» **Task statement**
A complete answer lists every line of the entries below where the string "more" appears.

--------------------------------

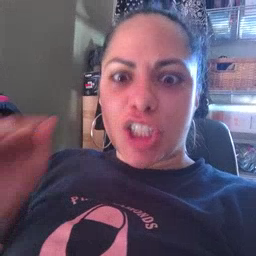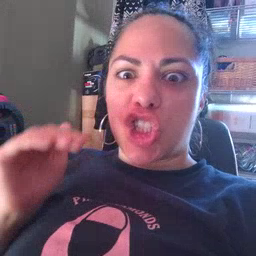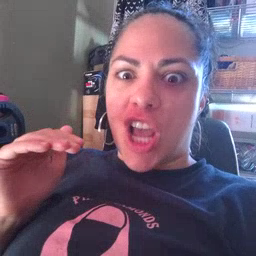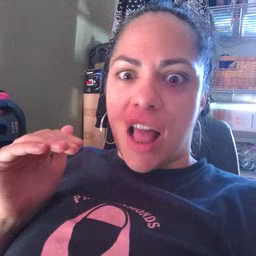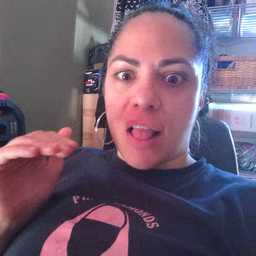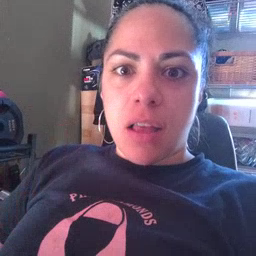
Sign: child
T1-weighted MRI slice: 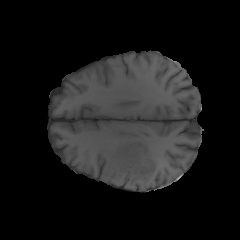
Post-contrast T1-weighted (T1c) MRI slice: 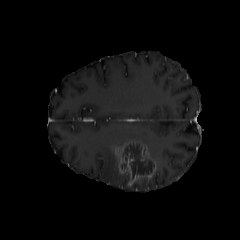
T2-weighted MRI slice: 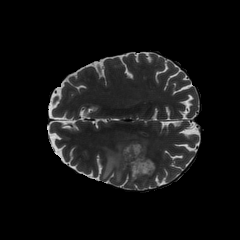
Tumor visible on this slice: yes
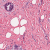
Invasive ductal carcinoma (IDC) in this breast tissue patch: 0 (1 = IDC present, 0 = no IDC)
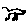
Label: bird
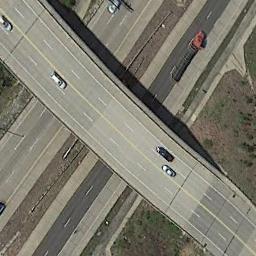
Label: overpass
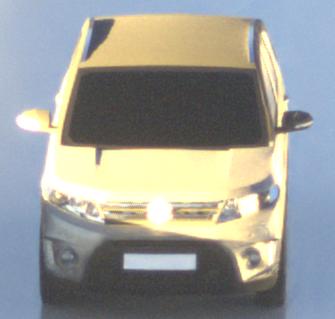
Make: Suzuki
Model: Vitara 1.6
Detailed model: Vitara (LY)
Model produced from: 2015/04
Model produced until: 2018/08
Doors: 5
Color: gray
Road condition: wet road
Daytime: sunrise or sunset
Contrast: high contrast
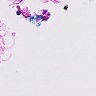
Metastatic tissue present: no
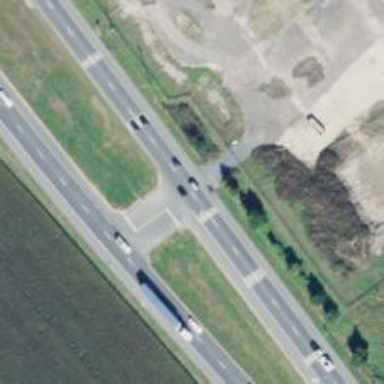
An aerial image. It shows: Trunk link highway.
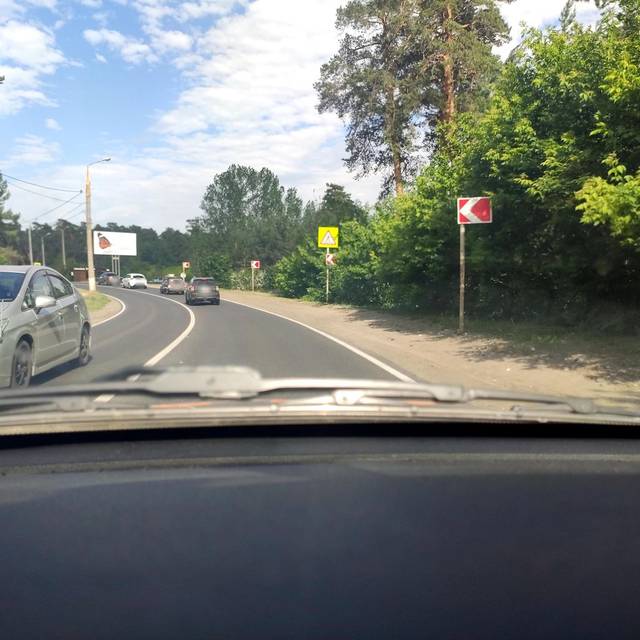
Region: Russia
Coordinates: 53.476, 49.347
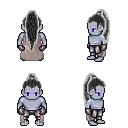
a pixel art fantasy rpg character, male body template, dark elf, purple skin, gray cape, metal pants, gray extra-long topknot hairstyle, metal gloves, four views (front, back, left, right), 2x2 character sprite sheet, small pixel art, hard edges, no anti-aliasing
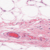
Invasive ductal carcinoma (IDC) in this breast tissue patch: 0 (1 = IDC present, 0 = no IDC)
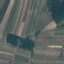
Land use / land cover: PermanentCrop
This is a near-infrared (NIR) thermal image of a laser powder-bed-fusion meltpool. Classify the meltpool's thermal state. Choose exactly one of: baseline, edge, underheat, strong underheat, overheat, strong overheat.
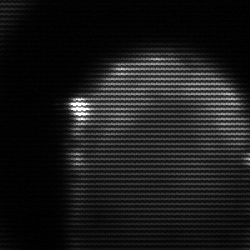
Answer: edge
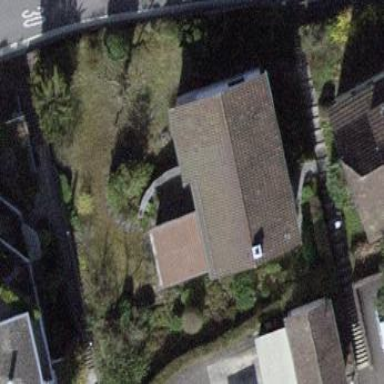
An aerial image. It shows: Detached building.
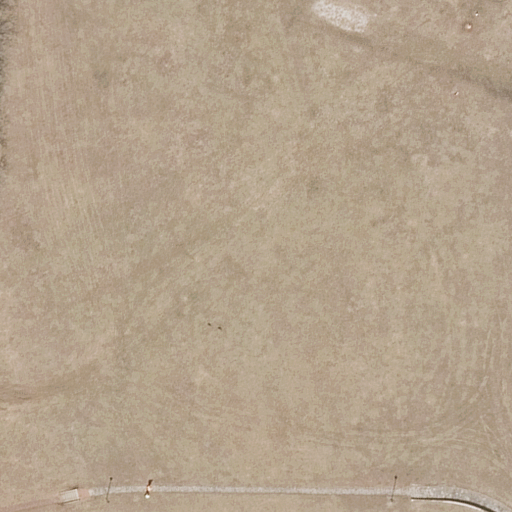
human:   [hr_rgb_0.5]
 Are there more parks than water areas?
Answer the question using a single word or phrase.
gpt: yes

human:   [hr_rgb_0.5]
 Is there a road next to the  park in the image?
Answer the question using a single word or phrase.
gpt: yes

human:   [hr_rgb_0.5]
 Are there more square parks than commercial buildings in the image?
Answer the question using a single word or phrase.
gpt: no

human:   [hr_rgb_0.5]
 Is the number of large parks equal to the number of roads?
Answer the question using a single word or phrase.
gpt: yes

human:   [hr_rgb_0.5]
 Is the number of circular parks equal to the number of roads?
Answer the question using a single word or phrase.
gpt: no

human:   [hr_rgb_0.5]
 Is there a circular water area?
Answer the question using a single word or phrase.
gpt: no

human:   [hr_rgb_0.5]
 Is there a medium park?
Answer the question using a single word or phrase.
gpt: no

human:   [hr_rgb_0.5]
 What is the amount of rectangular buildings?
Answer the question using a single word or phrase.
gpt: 0

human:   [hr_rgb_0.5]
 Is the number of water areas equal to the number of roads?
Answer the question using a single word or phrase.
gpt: no

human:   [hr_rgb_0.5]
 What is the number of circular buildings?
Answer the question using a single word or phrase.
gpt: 0

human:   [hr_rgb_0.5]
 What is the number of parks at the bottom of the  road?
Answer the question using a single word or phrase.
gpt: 0

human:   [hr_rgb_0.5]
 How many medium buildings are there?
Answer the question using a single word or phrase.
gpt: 0

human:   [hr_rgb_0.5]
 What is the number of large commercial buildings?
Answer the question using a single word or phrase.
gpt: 0

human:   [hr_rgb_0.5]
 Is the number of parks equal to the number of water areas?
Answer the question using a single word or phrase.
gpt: no

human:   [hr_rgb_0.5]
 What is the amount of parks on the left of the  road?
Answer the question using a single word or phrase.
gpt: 1

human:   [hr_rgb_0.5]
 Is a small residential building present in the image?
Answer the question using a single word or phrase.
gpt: no

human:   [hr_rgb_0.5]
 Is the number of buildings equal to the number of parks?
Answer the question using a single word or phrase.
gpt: no

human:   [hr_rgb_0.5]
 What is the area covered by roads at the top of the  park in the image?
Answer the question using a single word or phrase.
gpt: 0m2

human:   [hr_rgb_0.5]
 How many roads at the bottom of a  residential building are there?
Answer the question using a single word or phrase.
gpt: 0

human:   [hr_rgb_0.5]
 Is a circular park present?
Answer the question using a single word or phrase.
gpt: no

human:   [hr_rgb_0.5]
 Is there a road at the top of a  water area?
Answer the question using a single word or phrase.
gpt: no

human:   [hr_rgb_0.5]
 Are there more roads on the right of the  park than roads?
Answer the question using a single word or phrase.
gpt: no

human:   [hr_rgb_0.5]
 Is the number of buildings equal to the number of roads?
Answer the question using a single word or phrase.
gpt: no

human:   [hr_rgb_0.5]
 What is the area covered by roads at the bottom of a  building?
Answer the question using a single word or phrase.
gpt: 0m2

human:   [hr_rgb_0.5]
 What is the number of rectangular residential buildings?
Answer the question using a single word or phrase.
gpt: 0

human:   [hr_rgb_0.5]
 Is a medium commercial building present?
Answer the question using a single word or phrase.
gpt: no

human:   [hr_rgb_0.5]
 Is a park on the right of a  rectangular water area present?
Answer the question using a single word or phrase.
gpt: no

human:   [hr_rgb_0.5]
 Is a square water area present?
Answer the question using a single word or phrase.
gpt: no

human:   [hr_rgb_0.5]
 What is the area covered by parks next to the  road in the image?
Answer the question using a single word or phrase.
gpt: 7693m2

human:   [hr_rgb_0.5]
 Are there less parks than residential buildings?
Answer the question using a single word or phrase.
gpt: no

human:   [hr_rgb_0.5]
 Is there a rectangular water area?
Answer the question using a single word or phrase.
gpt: no

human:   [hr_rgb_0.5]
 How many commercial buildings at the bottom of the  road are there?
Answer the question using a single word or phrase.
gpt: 0

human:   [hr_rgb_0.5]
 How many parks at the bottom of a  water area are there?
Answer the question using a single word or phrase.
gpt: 0

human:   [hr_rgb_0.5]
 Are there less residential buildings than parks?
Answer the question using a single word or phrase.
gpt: yes

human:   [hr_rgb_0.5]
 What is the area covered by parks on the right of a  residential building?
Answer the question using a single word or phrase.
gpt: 0m2

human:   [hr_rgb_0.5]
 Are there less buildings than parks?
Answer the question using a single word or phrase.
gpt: yes
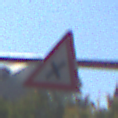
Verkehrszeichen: KreuzungOderEinmuendung
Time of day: MorningAfternoon
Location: Outdoor (Urban)
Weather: Clear
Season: NotSpecified
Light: Natural
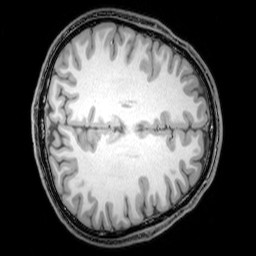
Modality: T1w
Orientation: axial
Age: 23
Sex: male
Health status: healthy
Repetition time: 0.081 s
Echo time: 0.037 s
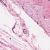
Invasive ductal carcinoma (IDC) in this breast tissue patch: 0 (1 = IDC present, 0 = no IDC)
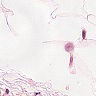
Metastatic tissue present: no
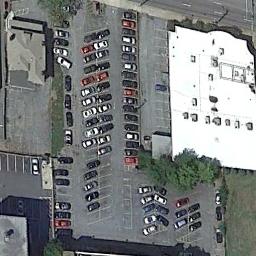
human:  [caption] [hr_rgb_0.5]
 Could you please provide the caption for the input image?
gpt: The parking lot with some neatly arranged cars of different colors is surrounded by some buildings .

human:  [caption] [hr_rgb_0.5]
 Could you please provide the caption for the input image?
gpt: The parking lot is next to some buildings .

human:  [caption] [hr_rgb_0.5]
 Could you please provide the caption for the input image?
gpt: There are many cars in the parking lot .

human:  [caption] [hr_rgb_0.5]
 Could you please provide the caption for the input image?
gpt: Seven rows of cars were parked in the parking lot .

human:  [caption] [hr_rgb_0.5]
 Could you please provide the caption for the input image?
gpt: There are many cars on the parking lot beside a white building .
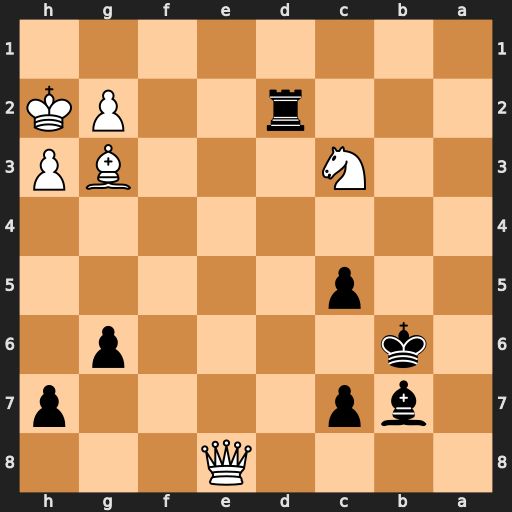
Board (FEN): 4Q3/1bp4p/1k4p1/2p5/8/2N3BP/3r2PK/8
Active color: b
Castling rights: -
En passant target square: -
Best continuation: Rxg2+ Kh1 Re2+ Ne4 Rxe4 Qxe4 Bxe4+
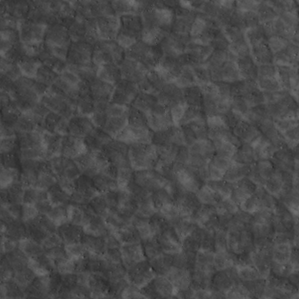
Label: non_frost

--------------------------------

» **Answer for the task**
 Are there more parks than water areas?
 Are there more square parks than commercial buildings in the image?
 Are there more roads on the right of the  park than roads?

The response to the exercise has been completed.